Гэнчин примчался в лагерь Владыки, ведя за собой красивого белого скакуна. Время было предобеденное, и в лагере находилось множество народа. Владыка сидел, что-то обсуждая, с военачальниками недалеко от большого костра, над которым кипел огромный котел с ароматной похлебкой. Гэнчин спешился, оставил стражникам своего коня и клинок, которые показались на диво плохонькими рядом с замечательным запасным скакуном и богатым нарядом самого Гэнчина. На этот раз гость был одет по халонскому обычаю, и в кольчуге он был похож на знатного воина Ниланда. Белого жеребца Гэнчин повел за собой, объяснив стражникам: "Дар Владыке!"

Не спрашивая соизволения, гость приблизился к Хар-Викришу и ясным голосом произнес:

- Привет тебе, о Владыка Ниланда! Прими дар Степи!

Хар-Викриш с явным неудовольствием прервал разговор, но вид скакуна несколько смягчил гнев Владыки.

- Я вижу, твои дела идут успешно, о Гэнчин!

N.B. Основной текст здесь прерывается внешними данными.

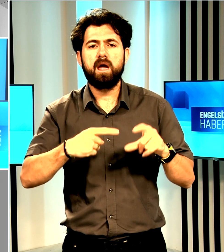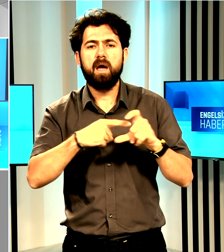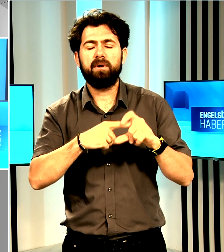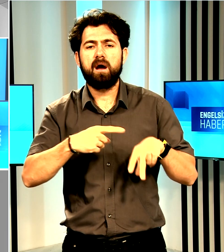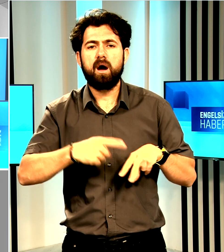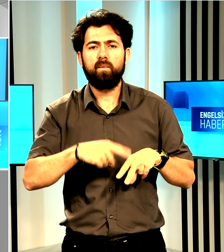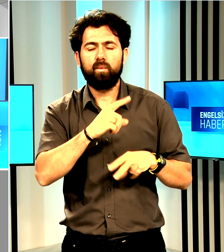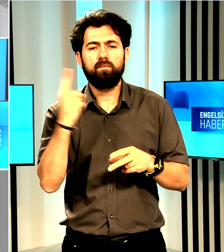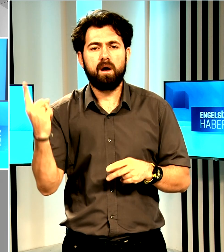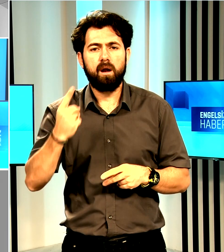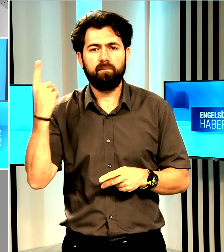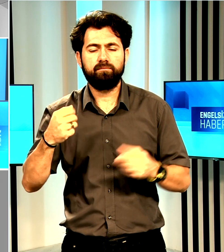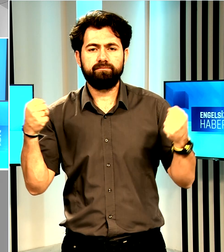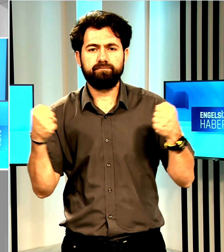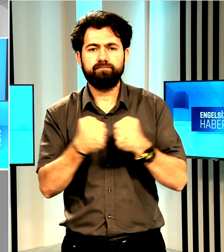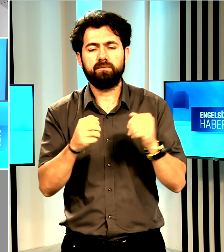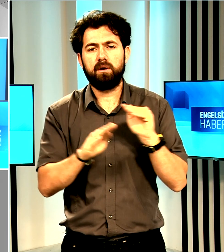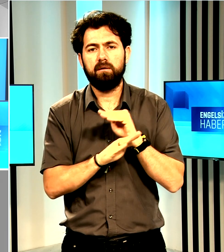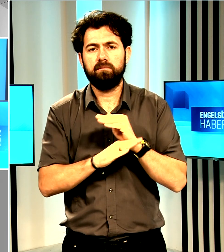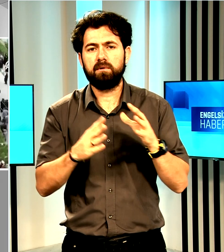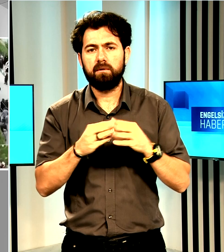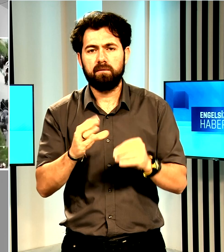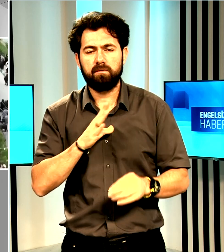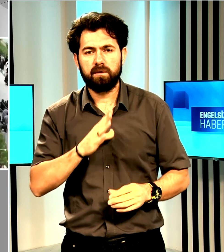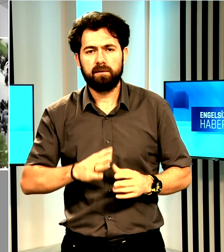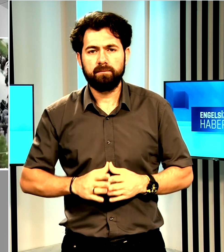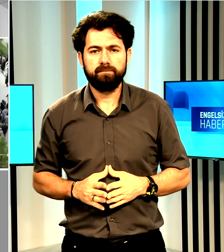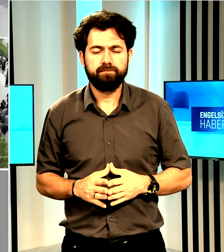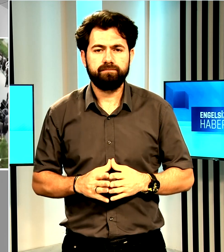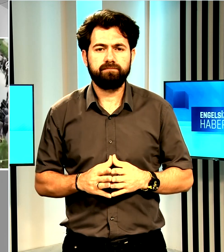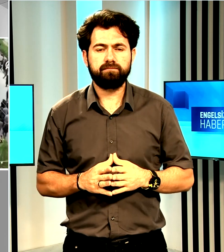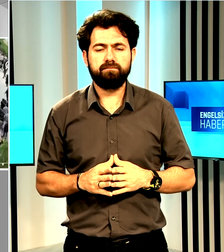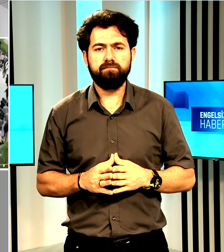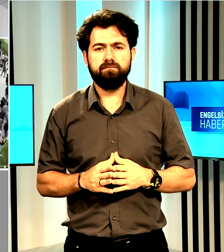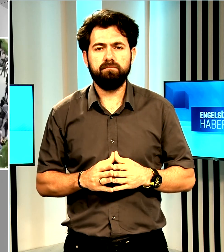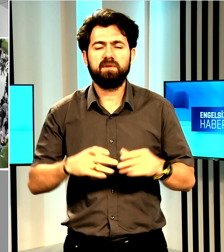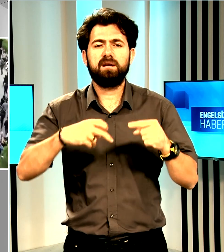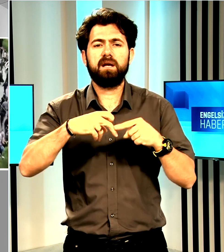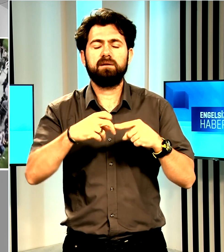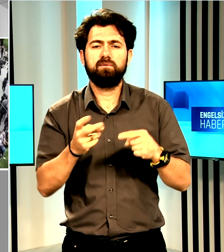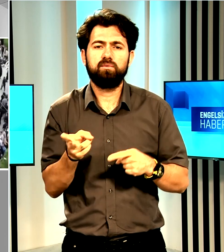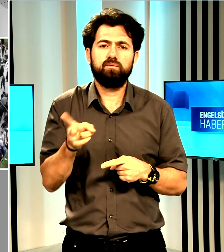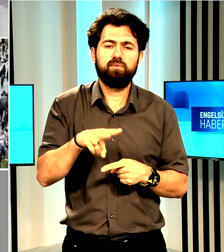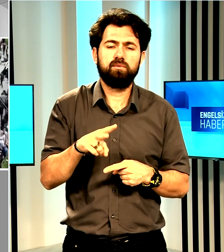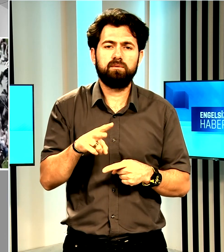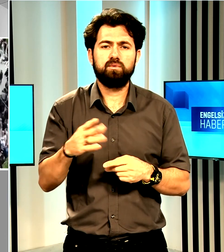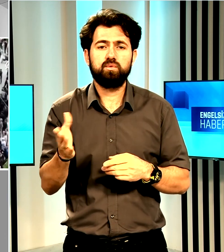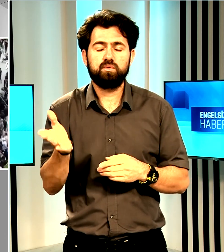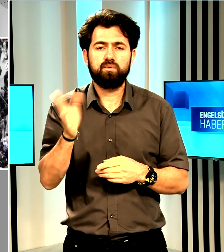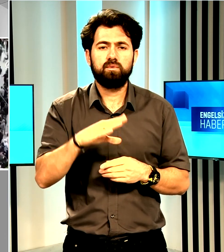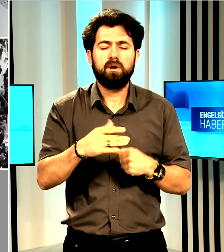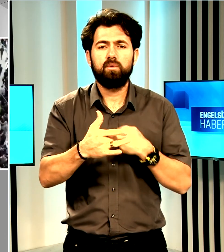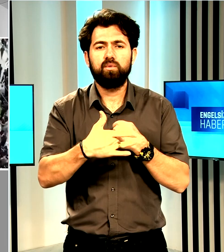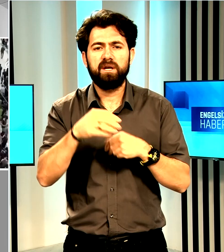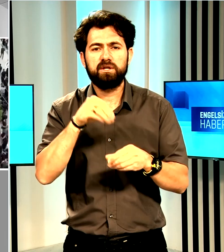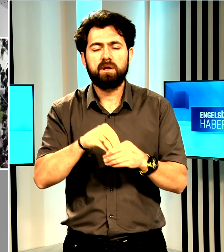helikopter kazasında hayatını kaybetti. Reisinin vefatının ardından ülkede
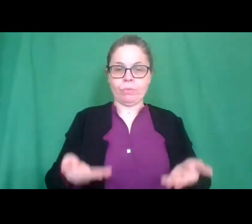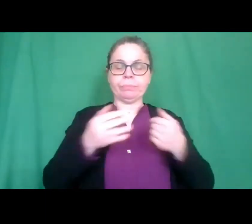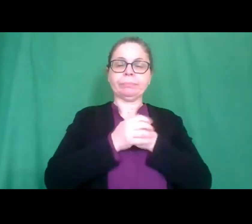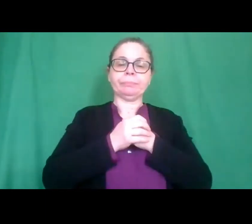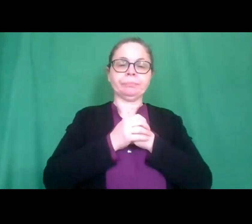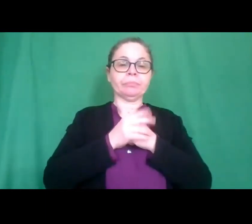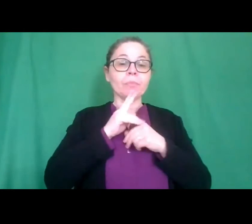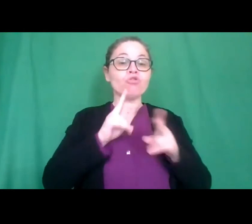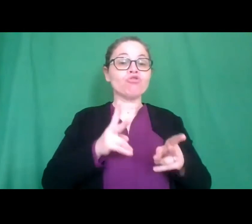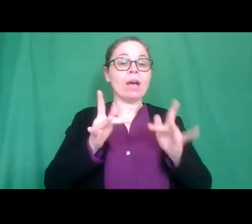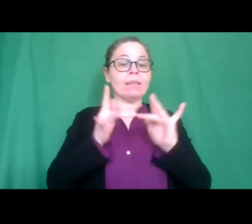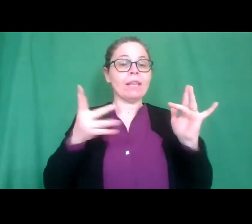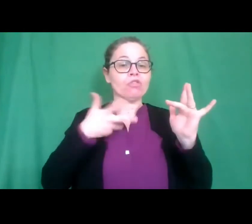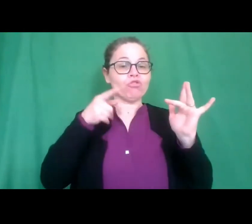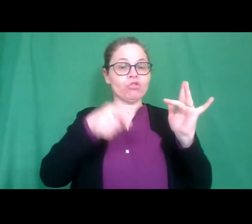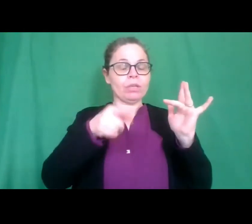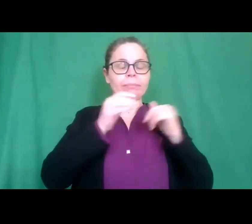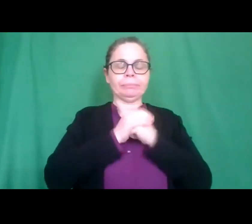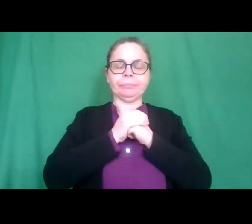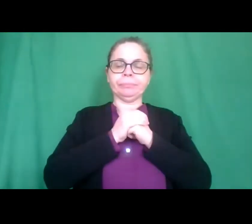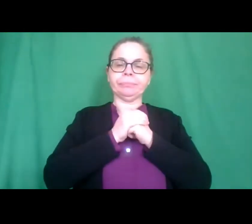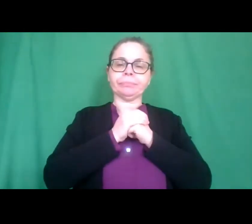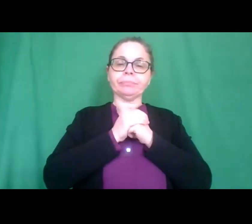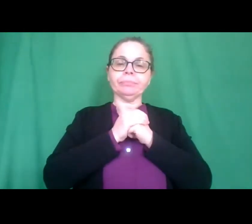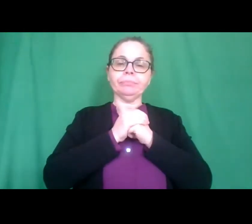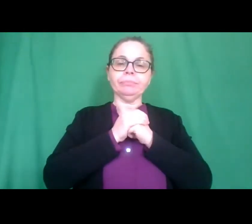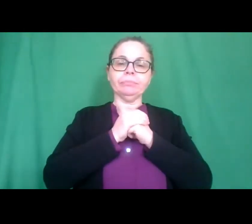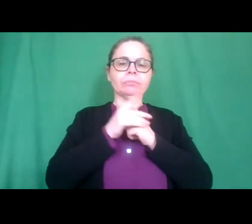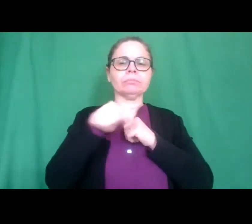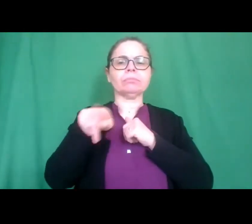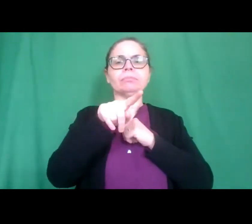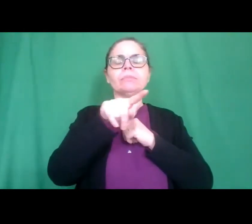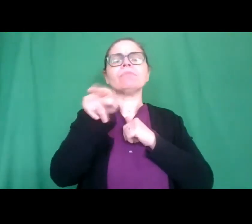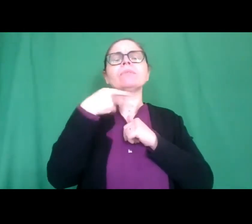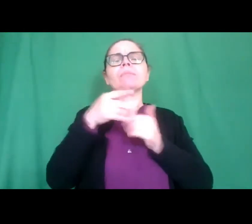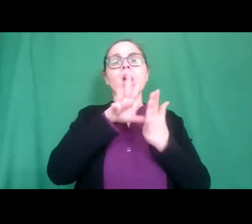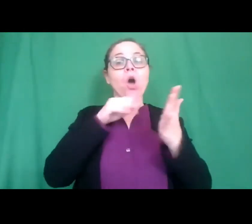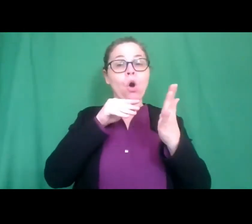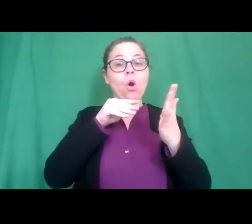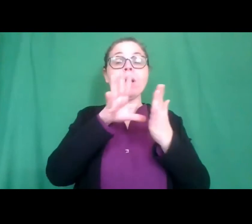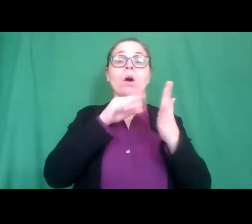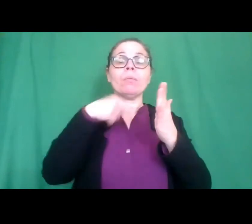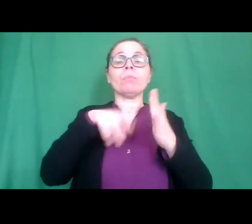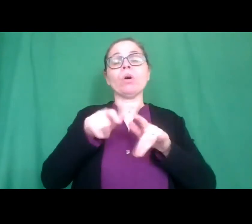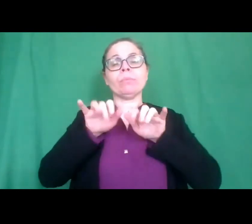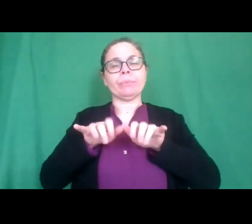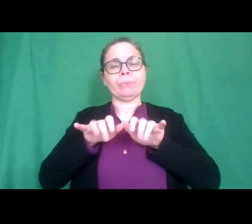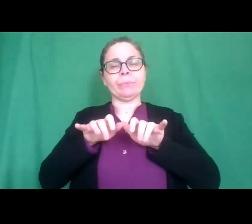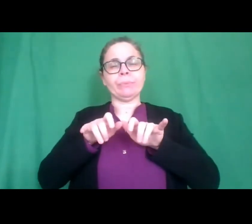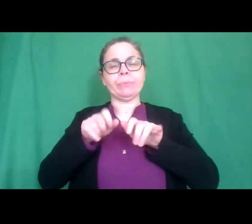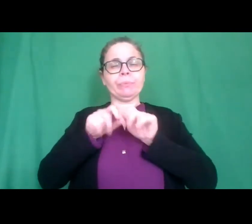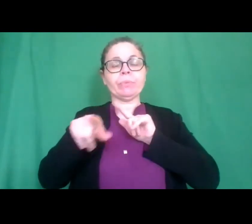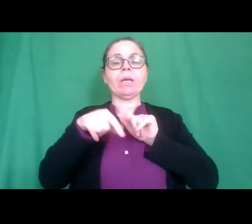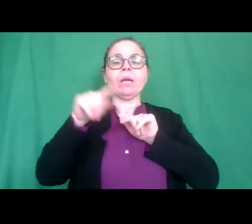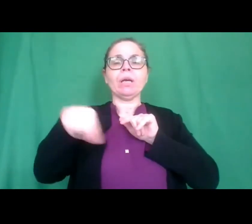ecco lo vedo già pronto quindi prendetelo copiatelo e compilatelo e vi verrà inviato

Но думаю, ты прибыл не только для того, чтобы заверить меня в своем уважении? У нас говорят: "Кочевник дарит недаром!"

- Ну, я-то кочевник лишь наполовину. Но в остальном ты не ошибся, о Владыка! Когда больше года назад я просил твоей помощи, что было в моих руках? Только конь да клинок! Но мои слова, что показались тебе хвастливой выдумкой, сбылись и продолжают сбываться! Уже несколько племен слились под моей рукой, и воинов в них немногим менее, чем во всем Ниланде. Но это лишь начало - передо мной вся Степь! Уже сейчас нет в Степи вождя сильнее, чем я, и остальные племена примкнут ко мне; дальновидные придут сами, остальных возьму силой, и моим врагам не будет пощады! Надеюсь, теперь Владыке Ниланда не покажется бахвальством предложение соединить наши силы?

- Что-то я тебя не понимаю, Гэнчин,- покачал головой Хар-Викриш. - - Для чего и против кого ты хочешь направить этот союз? Общих врагов я не вижу, твои враги - в степи, не гоняться же мне за ними? Ниланд стоит спокойно вот уже почти два десятилетия, потому что не вмешивается в чужие распри, - лишь достойно отвечает всем, дерзнувшим посягнуть на его границы. Зачем же мне лишать свой народ этого спокойствия?

- Общие враги у нас еще появятся, хоть ты их и не ждешь, - мир велик и сложен. О моих же врагах... Что же ты, дядя, отказался и отказываешься вмешаться в дела Степи на моей стороне, но вмешался на стороне моих врагов?

- Что ты говоришь, о каком вмешательстве?

- Ты дал помощь и покровительство племенам моих преступных родичей, Муртана и Муринаха!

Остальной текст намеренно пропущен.